Dynamic office spaces and practices such as hot-desking were intended to reduce office costs, but employees often openly disliked such approaches because they allowed less personal space and comfort at work. In contrast, working from home can help counter the issues of dislocation, disconnection, and privacy that employees cite as their main concern in a hot-desk environment.

Finally, Ventura suggested that remote work is helping to accelerate the transition to digital. He added: “The pandemic has forced a rapid and accelerated transition to many excellent digital ways of working. Corporate travel, while not possible now, will never be the same. Companies have learned new ways of working out of necessity, and reduced travel bills and unproductive travel time are now the pains of a bygone era. Companies are reinventing old ways of doing things and re-creating processes to operate more effectively and efficiently in the new world.”

Lows

Of course, there were also impacts on the well-being of employees, which companies have to reckon with.
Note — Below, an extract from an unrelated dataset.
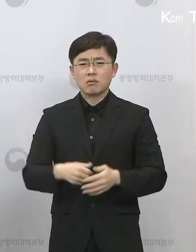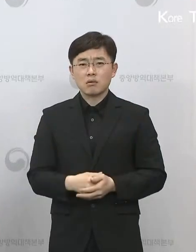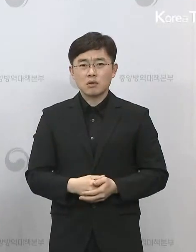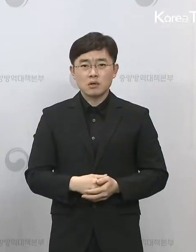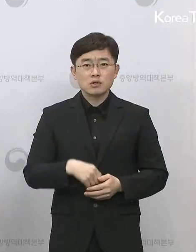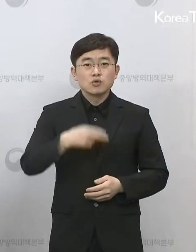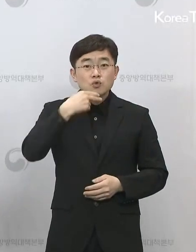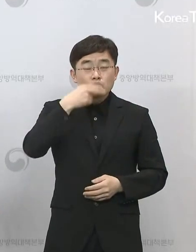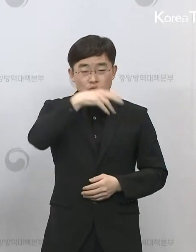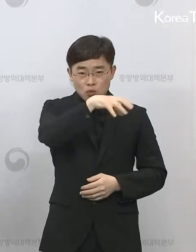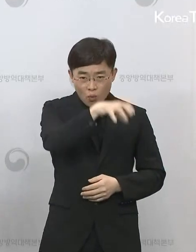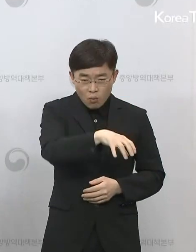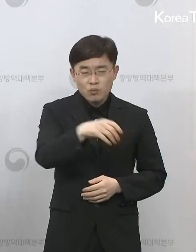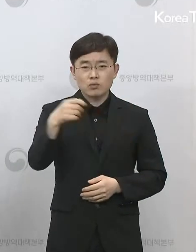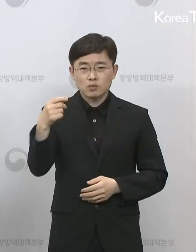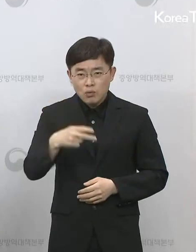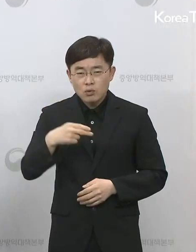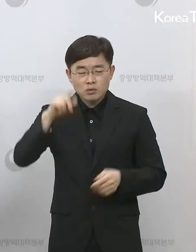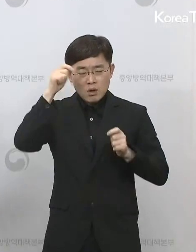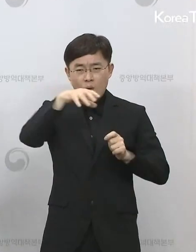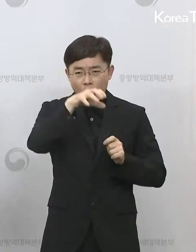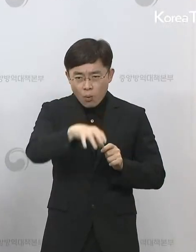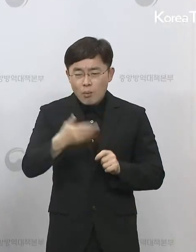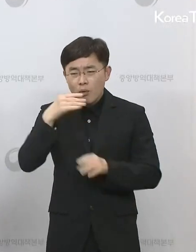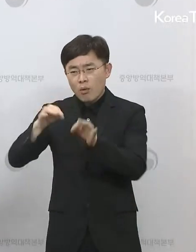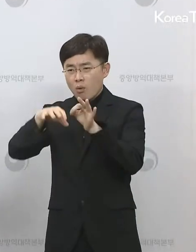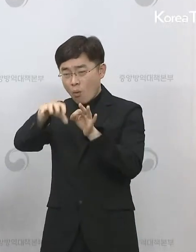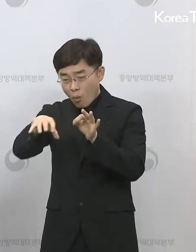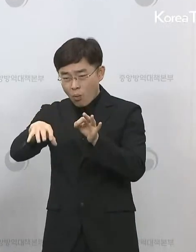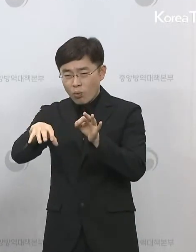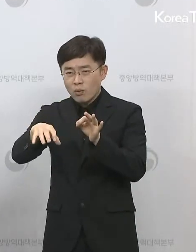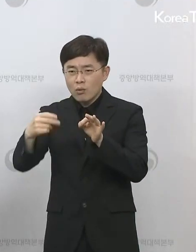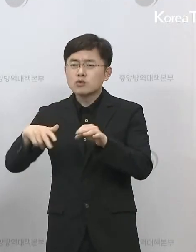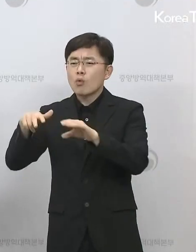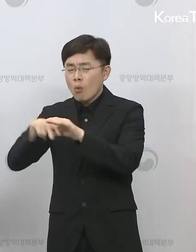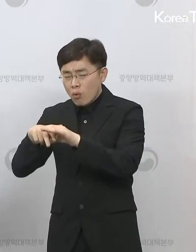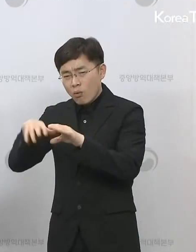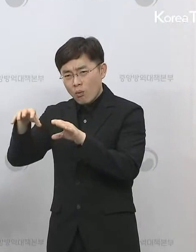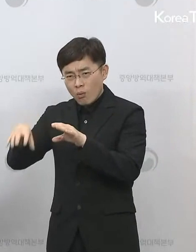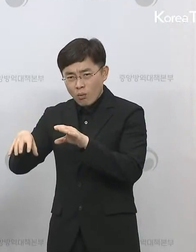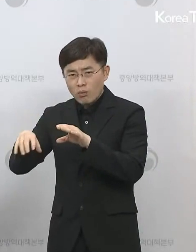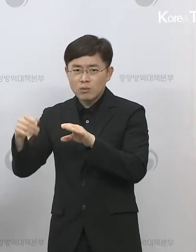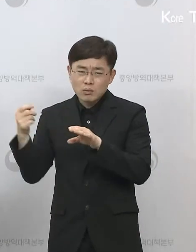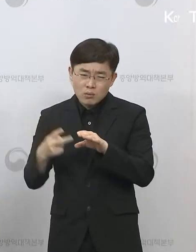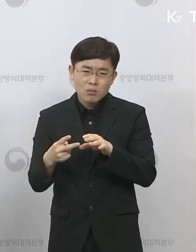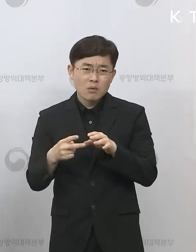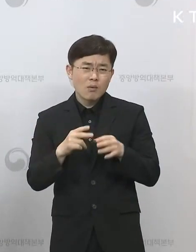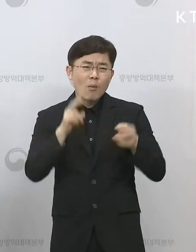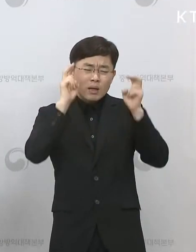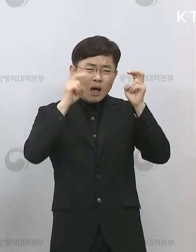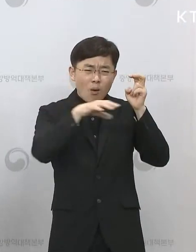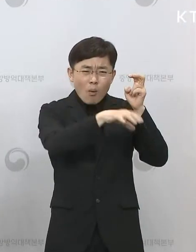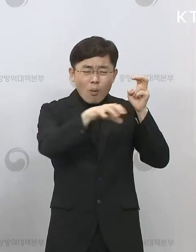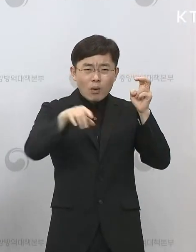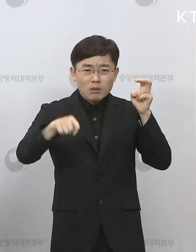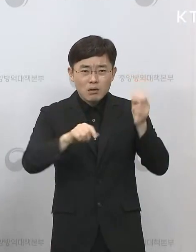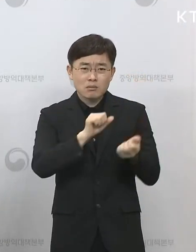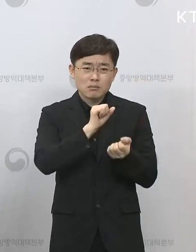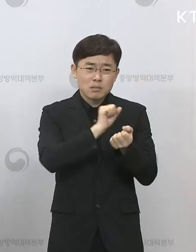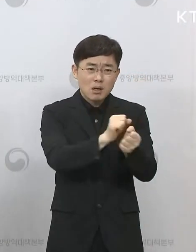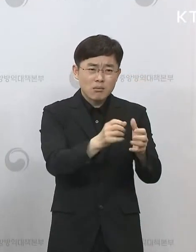유흥주점, 노래방, 식당 등 다중이용시설, 그리고 종교시설, 그리고 대규모 사업장을 통해서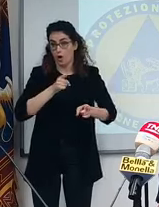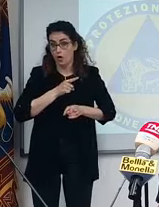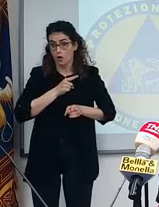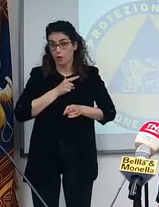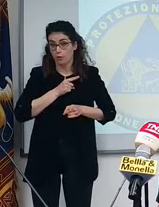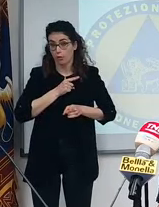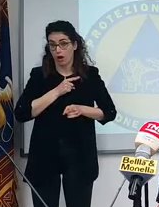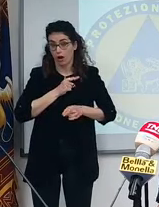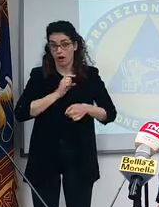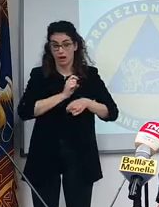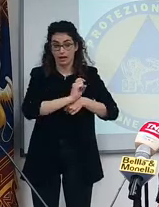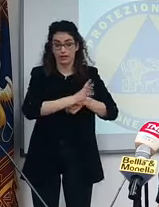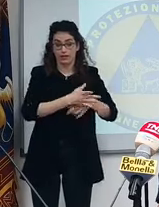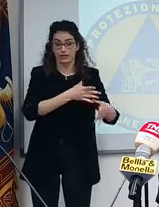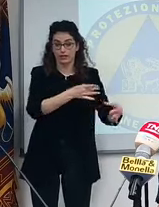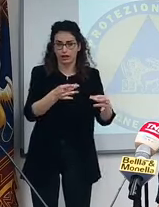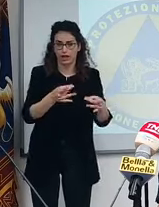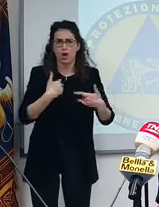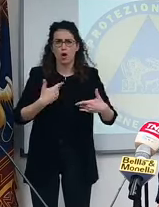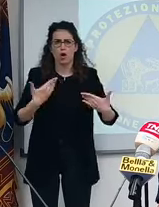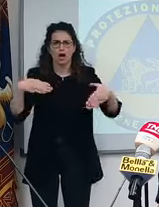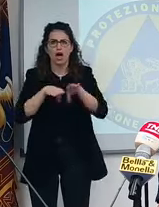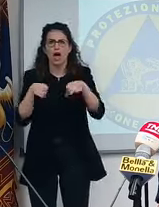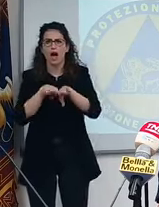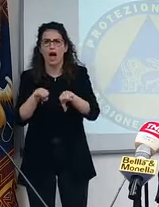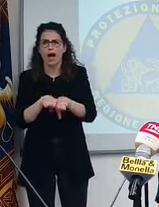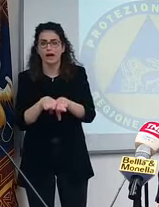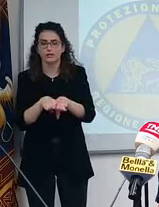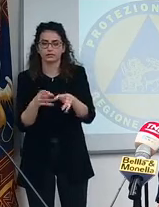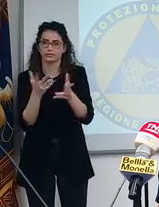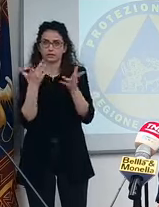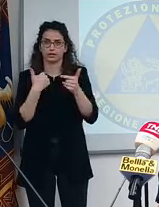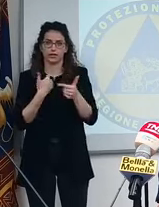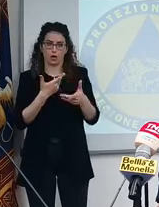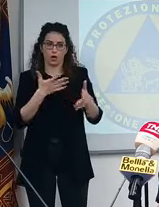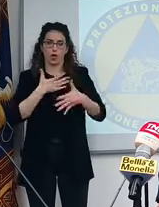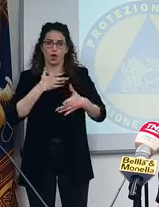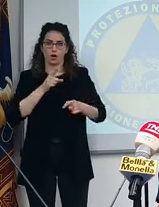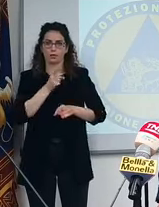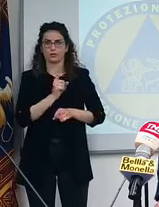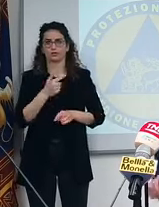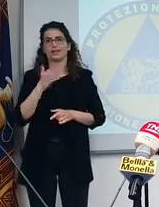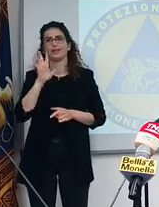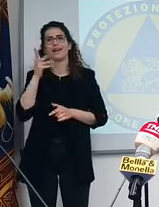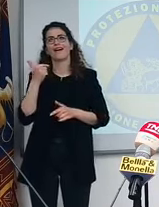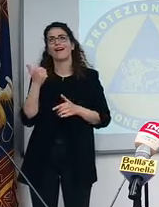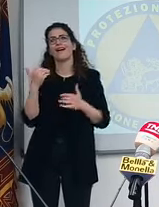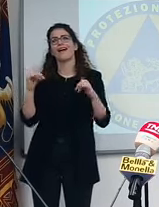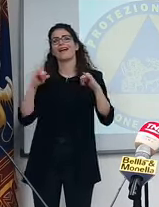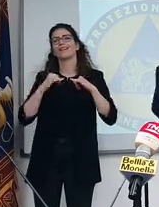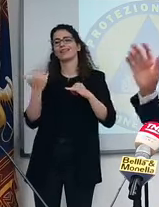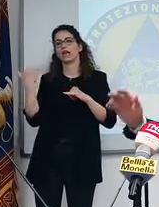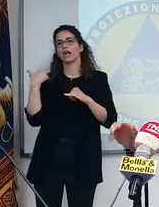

First, not every home is ideal as a workspace, and organizations will need to continue to work with them to adapt in the future. According to Ventura, this can be “anything from ventilation and natural lighting to the right seating, screens, hardware and software to do their jobs effectively. And even more, how to ensure safety, security and balance between work and home, to create an environment conducive to well-being.”

Research shows that employees are struggling to switch off and create boundaries between personal and office spaces, as well as experiencing increased mental anxiety and heightened concerns about financial security in the face of the pandemic. As such, Ventura suggested that employee well-being needs to be an ever-present consideration for bosses in the current environment, and companies need to be aware that the transition to remote working is still a work in progress that requires constant fine-tuning, rather than simply assuming that it can continue indefinitely.

“Employees’ social lives change radically when they work remotely, creating a void that remains unfilled,” he said of one of the ways wellbeing is coming under pressure. “This is partly due to the restrictions of blocking, but also because the opportunity for employees to make friends in the office has not yet been effectively replaced by remote work. Employees working in the same office also had the greatest potential for collaboration and creativity due to constant proximity.”

In response, many companies are exploring how they can use existing office space to provide social and collaborative opportunities in the ‘new world’. Going forward, organizations need to consider how to incorporate and manage remote work culture to ensure that company culture can continue to be used in our home offices and digital interactions – especially with new hires that make employees feel included. organizations when they cannot visit a physical location or meet anyone face-to-face.

Future

Looking ahead, Ventura suggested that the ultimate solution to change lies in finding the right balance between the benefits of a flexible workplace and the needs of the organization. The good news, he believes, is that whatever form the “new normal” takes, the end result will be “more efficient and productive” businesses.

“The experience of working from home has created an impetus for change, but organizations cannot afford to be too aggressive in finding new ways of working,” he concluded.